Yes yes, of course!! In iCKB protocol we have three entities: iCKB xUDT, Receipt Script and Deposit Script. In particular:

• iCKB xUDT depends on Receipt Logic (by using xUDT args, ok)

• Receipt Script depends on iCKB xUDT Hash (!) and Deposit Script Hash (!)

• Deposit Script depends on iCKB xUDT Hash (!) and Receipt Script Hash (!)

Considerations:

1. xUDT hash is fixed, so its hash can be hardcoded into the scripts.

2. Given xUDT hash, if we know Receipt Script hash, then we know iCKB xUDT hash.

So it boils down to the following circular dependency:

• Receipt Script depends on Deposit Script Hash (!)

• Deposit Script depends on Receipt Script Hash (!)

We can break this circular dependency by either:

1. Using the proposed design (so a single script used both as lock and type).

2. Memorizing one script hash as args (so same approach as xUDT).

3. Deploy both scripts as type ID and update them until they reference each other. (This option didn’t existed when I first considered this design as then I was fully committed to reference by data).

4. Other more convoluted ways like using external type ID cells with this data…

If I understand correctly, the design you propose follows 2, right? Could you explain again the advantages it has over 1?

If it’s about fixing the size of withdrawal receipt args, even with 1 we could just pad the deposit lock args with zeros…

Which brings the question, do we know the exact size of the withdrawal request lock args length?

Not really, but we could fix it to a reasonable non-zero value, just we must keep in mind that:

• We are basically wasting some CKB for state rent in Deposits (around 20%-30% increase in state rent)

• We are giving a preferential treatment to some user locks respectfully to others (still different from the protocol being tied up to a singular external lock)

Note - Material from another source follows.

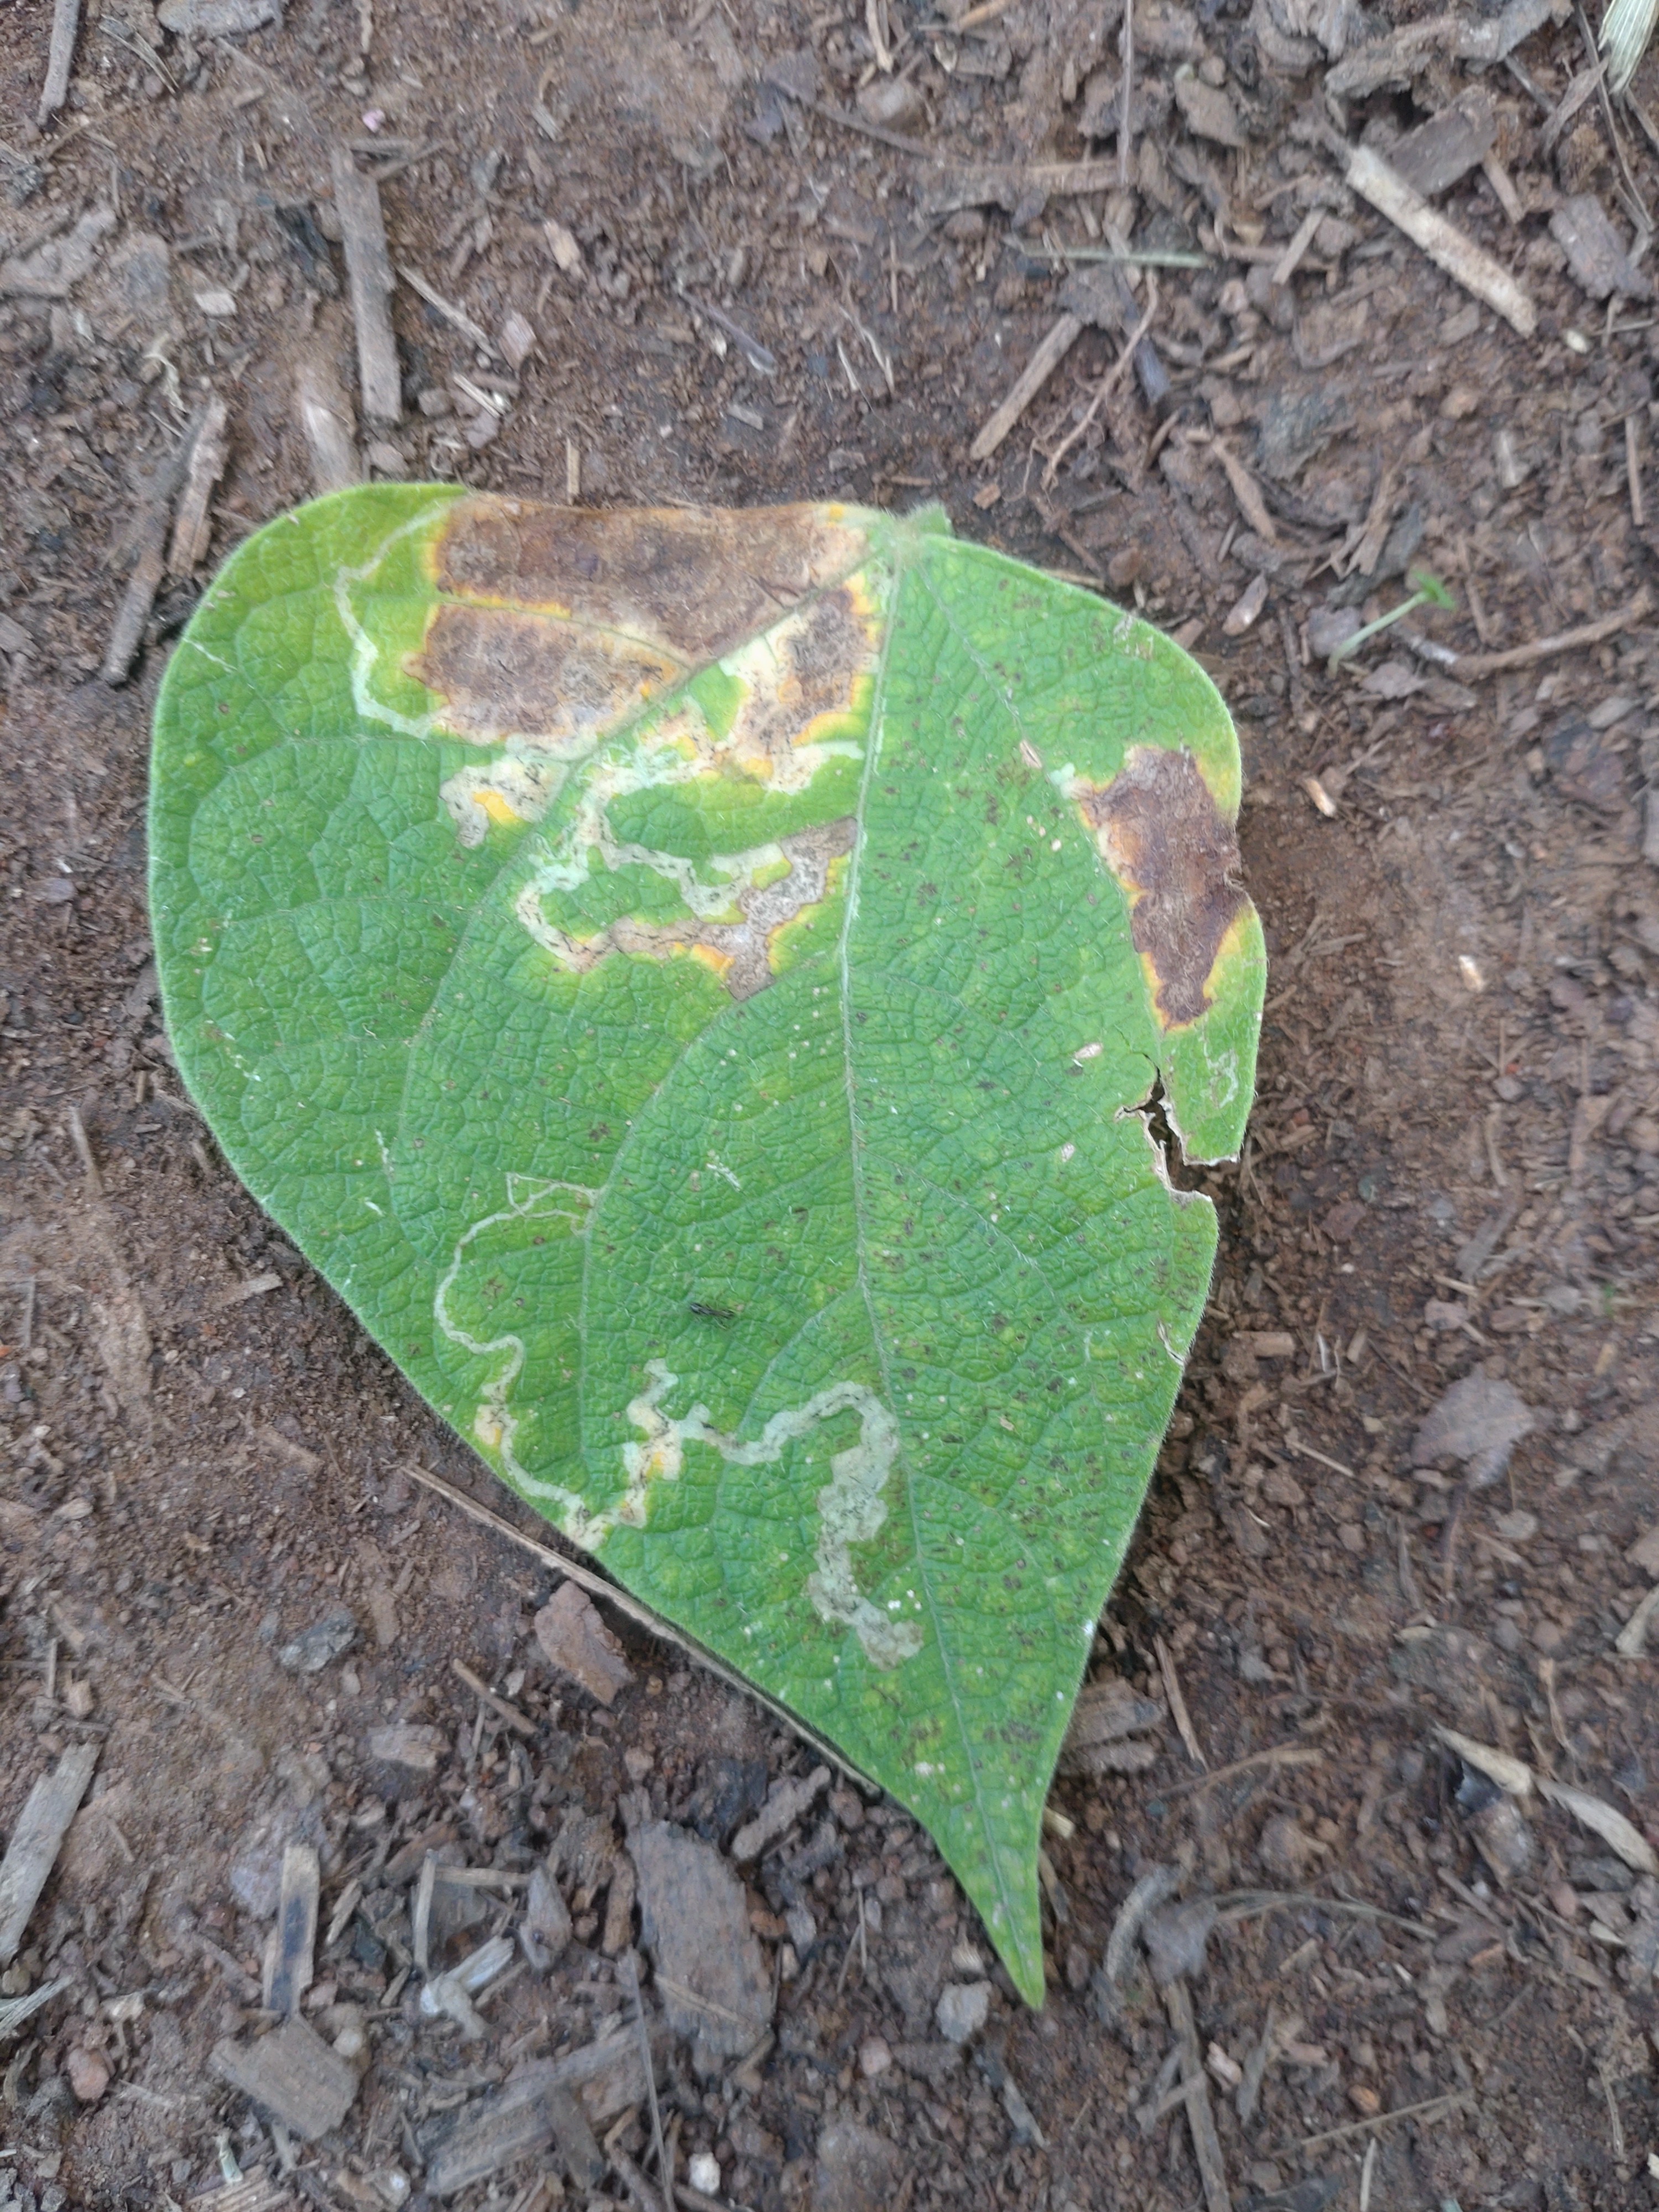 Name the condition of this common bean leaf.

anthracnose

Personally I don’t consider either of them deal breakers, so let’s examine this path!

For example, we could target base Omnilock args length, so args length could be 21 bytes. Omnilock is a nice choice as it offers both direct signature unlocking and delegated signature unlocking (in case both user wallet does not support directly Omnilock and user wallet lock args length is not 21). Also it would be CoBuild ready for free.

Given all this reasoning, we could pad deposit args with 21 bytes, so that withdrawal requests can directly use Omnilock. In your opinion, would this improve the overall iCKB design?